Common characterization techniques for SAMs include grazing incidence angle IR spectroscopy, X‐ray photoelectron spectroscopy, scanning tunneling microscopy, and atomic force microscopy.7 SERS gives more localized, molecular information than grazing angle IR spectroscopy, whereas in the future, the combination with atomic force microscopy in tip‐enhanced Raman spectroscopy is expected to go to the extreme of combining both molecular information and nanoscale resolution.8 The few reactions in SAMs reported to date are observed by using atomic force microscopy,9 scanning tunneling microscopy,10 or SERS,10b, 11 and are nearly all photoreactions, for example, UV‐induced photoisomerizations,10a or dimerizations, either within a SAM of the pure reactant,11b or in a diluted form.10b

A typical heterogeneous catalytic reaction at a surface involves three separate steps, as shown in Figure 1 a, whereas a reaction within a SAM follows 2 D reaction kinetics on the catalyst surface (Figure 1 b). One of the most described reactions in a SAM is the photocatalytic reduction of p‐nitrothiophenol (pNTP). A large discussion point is the interpretation of the reaction product SERS spectrum, which could indicate either p‐aminothiophenol (pATP)12 or p,p′‐dimercaptoazobenzene (DMAB)13 (see also Figure 1 c). The challenge in the identification of the reaction product through other characterization techniques is twofold: an extremely low number of molecules are converted during the reaction and these few molecules are chemically bound to the surface. The latest developments indicate that the oxidation of pATP to DMAB is possible through a simultaneous plasmonic activation of oxygen.14 This is further supported by a thorough theoretical study into the reaction pathway.15 Others are still convinced that the reduction product of pNTP is pATP, based on a deviation of the Raman spectrum of neat pATP owing to chemical enhancement.16

Figure 1

a) Reaction steps in a typical heterogeneous catalytic reaction from A(g) to B(g) involve adsorption of reactants A onto the catalytic surface, a surface‐reaction yielding a reaction product B, and subsequent desorption of the reaction products into the gas environment. b) A photocatalytic surface reaction is studied. Novel with respect to part a is that only the surface‐reaction is monitored, as a function of irradiation at λ=532 nm (5× objective, NA 0.12). c) The reaction under study is the photoreduction of pNTP to either p‐aminothiophenol or DMAB. For dilution experiments, thiophenol is used as the 2 D equivalent to a solvent.
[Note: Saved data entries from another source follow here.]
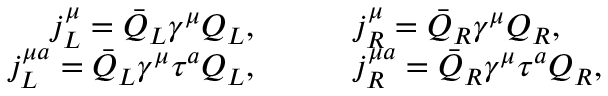
\begin{array} { r l } { j _ { L } ^ { \mu } = \bar { Q } _ { L } \gamma ^ { \mu } Q _ { L } , \qquad } & { j _ { R } ^ { \mu } = \bar { Q } _ { R } \gamma ^ { \mu } Q _ { R } , \qquad } \\ { j _ { L } ^ { \mu a } = \bar { Q } _ { L } \gamma ^ { \mu } \tau ^ { a } Q _ { L } , \qquad } & { j _ { R } ^ { \mu a } = \bar { Q } _ { R } \gamma ^ { \mu } \tau ^ { a } Q _ { R } , } \end{array}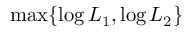
\operatorname* { m a x } \lbrace \log L _ { 1 } , \log L _ { 2 } \rbrace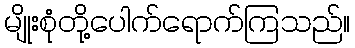
မျိုးစုံတို့ပေါက်ရောက်ကြသည်။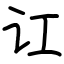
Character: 讧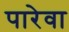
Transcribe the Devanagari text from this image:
पारेवा

SERS has previously been used to monitor reaction kinetics of various reactions.17 With the right morphology of the SERS substrate, quantitative information can be obtained.18 pNTP especially has been studied for its reduction reaction through, for example, electrochemical,19 chemical,20 or photochemical reduction.8d, 16b, 19h, 20d, 21 All these reactions take place on the surface of either an electrode or nanoparticles, with possible exchange mechanisms into the solution in which the substrate is immersed. The photocatalytic reaction studied here is unique because the full reaction takes place within the two dimensions of the self‐assembled monolayer. This has previously been examined, but not in detail, let alone with regards to the detailed mechanism of the reaction.
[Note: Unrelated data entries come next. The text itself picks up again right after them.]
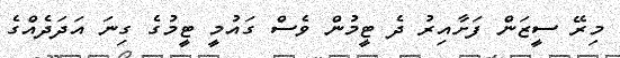
މިރޭ ސީޒަން ފަށާއިރު ދެ ޓީމުން ވެސް ގައުމީ ޓީމުގެ ގިނަ އަދަދެއްގެ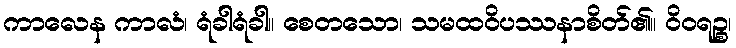
ကာလေန ကာလံ၊ ရံခါရံခါ။ စေတသော၊ သမထဝိပဿနာစိတ်၏။ ဝိဝရဉ္စ၊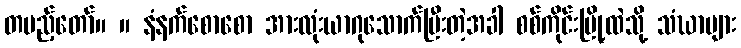
တပည့်တော်။ ။ နံနက်စောစော အားလုံးယာဂုသောက်ပြီးတဲ့အခါ စစ်ကိုင်းမြို့ထဲသို့ သံဃာများ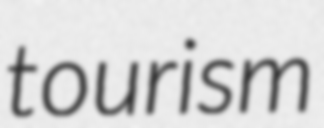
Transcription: tourism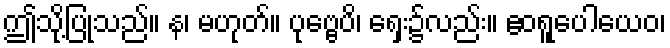
ဤသို့ပြုသည်။ န၊ မဟုတ်။ ပုဗ္ဗေပိ၊ ရှေး၌လည်း။ ဧဝရူပေါယေဝ၊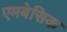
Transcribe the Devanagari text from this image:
एमबेसिक

Time‐resolved SERS spectra of the photocatalytic reaction provide the information to investigate these 2 D reaction kinetics. We also show the dilution of the reactant on the surface with a similar but inert thiol. This dilution approach is the 2 D equivalent of a solvent and will provide the ultimate evidence for whether a dimerization process is involved in the reaction mechanism of the photocatalytic reduction of pNTP.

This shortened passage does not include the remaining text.